S P L A S H

Big Data analytics training in Pallikaranai, Chennai


SPLASH - Big Data Hadoop and Spark Training Course is curated by Big Data industry experts, and it covers in-depth knowledge on Big Data and Hadoop Ecosystem tools such as HDFS, MapReduce, YARN, Hive, Pig, HBase, Apache Spark, PySpark, Oozie, Flume and Sqoop.


course designed such a way to handle real time solution to the big data problem. SPLASH - covers not only to install and use the tools, we also offer in-detail about each ecosystem tools.


Big data job market is diverse, most popular job description in big data is, Hadoop Administrator and Big Data Developer. SPLASH - customized Apache Spark Developer training provides in-detail about Spark with Scala trainining in Pallikaranai, Chennai and Spark with ML traininig in Pallikaranai, Chennai.

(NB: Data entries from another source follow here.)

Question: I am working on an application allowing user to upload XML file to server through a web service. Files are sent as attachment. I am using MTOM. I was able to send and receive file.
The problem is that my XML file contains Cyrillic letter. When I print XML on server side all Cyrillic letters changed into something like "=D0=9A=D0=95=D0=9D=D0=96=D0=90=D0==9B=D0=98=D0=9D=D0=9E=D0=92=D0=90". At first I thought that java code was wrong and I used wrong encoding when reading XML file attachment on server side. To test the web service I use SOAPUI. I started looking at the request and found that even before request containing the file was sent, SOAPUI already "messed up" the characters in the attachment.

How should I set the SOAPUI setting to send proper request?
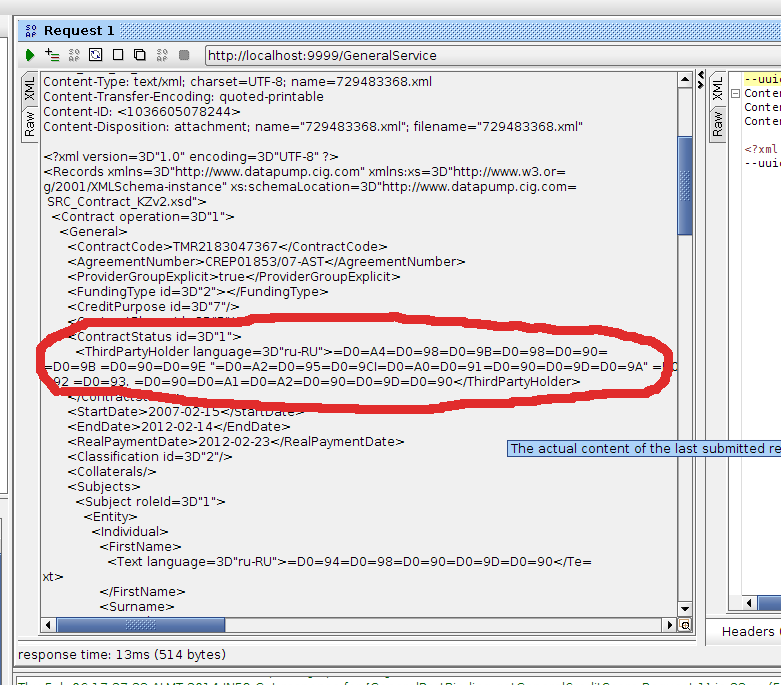
Answer: mmm anyways I was using old version of soapui. After I got the latest one, the problem disappeared.
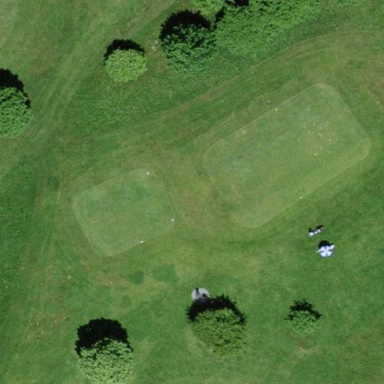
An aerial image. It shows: Grass area designated as golf tee.
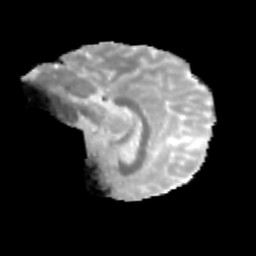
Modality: MD
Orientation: sagittal
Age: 13
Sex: female
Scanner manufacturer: siemens
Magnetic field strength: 3 T
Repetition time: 3.8 s
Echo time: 0.07 s

Big Data Hadoop Training syllabus

 

Introduction to Big Data

  • Rise of Big Data
  • Compare Hadoop vs traditonal systems
  • Hadoop Master-Slave Architecture
  • Understanding HDFS Architecture
  • NameNode, DataNode, Secondary Node
  • Learn about Resource Manager, Node Manager
 

HDFS and MapReduce Architecture

  • Core components of Hadoop
  • Understanding Hadoop Master-Slave Architecture
  • Learn about NameNode, DataNode, Secondary Node
  • Understanding HDFS Architecture
  • Anatomy of Read and Write data on HDFS
  • MapReduce Architecture Flow
  • JobTracker and TaskTracker

Hadoop Configuration

  • Hadoop Modes
  • Hadoop Terminal Commands
  • Cluster Configuration
  • Web Ports
  • Hadoop Configuration Files
  • Reporting, Recovery
  • MapReduce in Action

Hadoop Configuration

  • Overview of the MapReduce Framework
  • Use cases of MapReduce
  • MapReduce Architecture
  • Anatomy of MapReduce Program
  • Mapper/Reducer Class, Driver code
  • Understand Combiner and Partitioner

Apache PIG

  • PIG vs MapReduce
  • PIG Architecture & Data types
  • PIG Latin Relational Operators
  • PIG Latin Join and CoGroup
  • PIG Latin Group and Union
  • Describe, Explain, Illustrate
  • PIG Latin: File Loaders & UDF

Apache Hive and HiveQL

  • What is Hive
  • Hive DDL - Create/Show Database
  • Hive DDL - Create/Show/Drop Tables
  • Hive DML - Load Files & Insert Data
  • Hive SQL - Select, Filter, Join, Group By
  • Hive Architecture & Components
  • Difference between Hive and RDBMS

Advanced HiveQL

  • Multi-Table Inserts
  • Joins
  • Grouping Sets, Cubes, Rollups
  • Custom Map and Reduce scripts
  • Hive SerDe
  • Hive UDF
  • Hive UDAF

Apache Flume, Sqoop, Oozie

  • Sqoop - How Sqoop works
  • Sqoop Architecture
  • Flume - How it works
  • Flume Complex Flow - Multiplexing
  • Oozie - Simple/Complex Flow
  • Oozie Service/ Scheduler
  • Use Cases - Time and Data triggers

Hadoop 2.0, YARN, MRv2

  • Hadoop 1.0 Limitations
  • MapReduce Limitations
  • HDFS 2: Architecture
  • HDFS 2: High availability
  • HDFS 2: Federation
  • YARN Architecture
  • Classic vs YARN
  • YARN multitenancy
  • YARN Capacity Scheduler

Big Data has various stage, like data streaming, distibuted data storage, Processing, creatting data Lake, reporting and visuvalization. Each task is pipplined to others, Creating pipleline task and integrating in realtime environment is the real challenge. Hadoop mainly deal with Batch processing. In order to handle the realtime data in distributed data stotrage and required database access to the application, No-SQL is the altimate choice.

We at SPLASH - certified No-SQL experts who can handle MongoDB No-SQL training and Cassandra No-SQL training in Pallikaranmai, Chennai

SPLASH - Experts in the filed of DATA. We have 12+ years of experience in RDBMS. Have implemnted morethan 5 projects in the field of No-SQL, Big Data, Statistical analysis, Machine Learning, Deep Learning. Our Training course and syllabus more cutomized towards the job market.